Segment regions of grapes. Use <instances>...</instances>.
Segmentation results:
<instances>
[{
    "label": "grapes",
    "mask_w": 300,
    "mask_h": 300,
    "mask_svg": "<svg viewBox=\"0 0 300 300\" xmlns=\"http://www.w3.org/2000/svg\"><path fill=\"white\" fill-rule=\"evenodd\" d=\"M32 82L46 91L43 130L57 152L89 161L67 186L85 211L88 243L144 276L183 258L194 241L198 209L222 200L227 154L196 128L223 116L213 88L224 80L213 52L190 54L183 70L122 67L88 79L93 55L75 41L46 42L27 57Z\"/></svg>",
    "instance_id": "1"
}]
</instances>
· · ·
■ **Task details**
Copy out each line of the listing that holds the string "grapes".

■ **Reply**
Segment regions of grapes. Use <instances>...</instances>.
    "label": "grapes",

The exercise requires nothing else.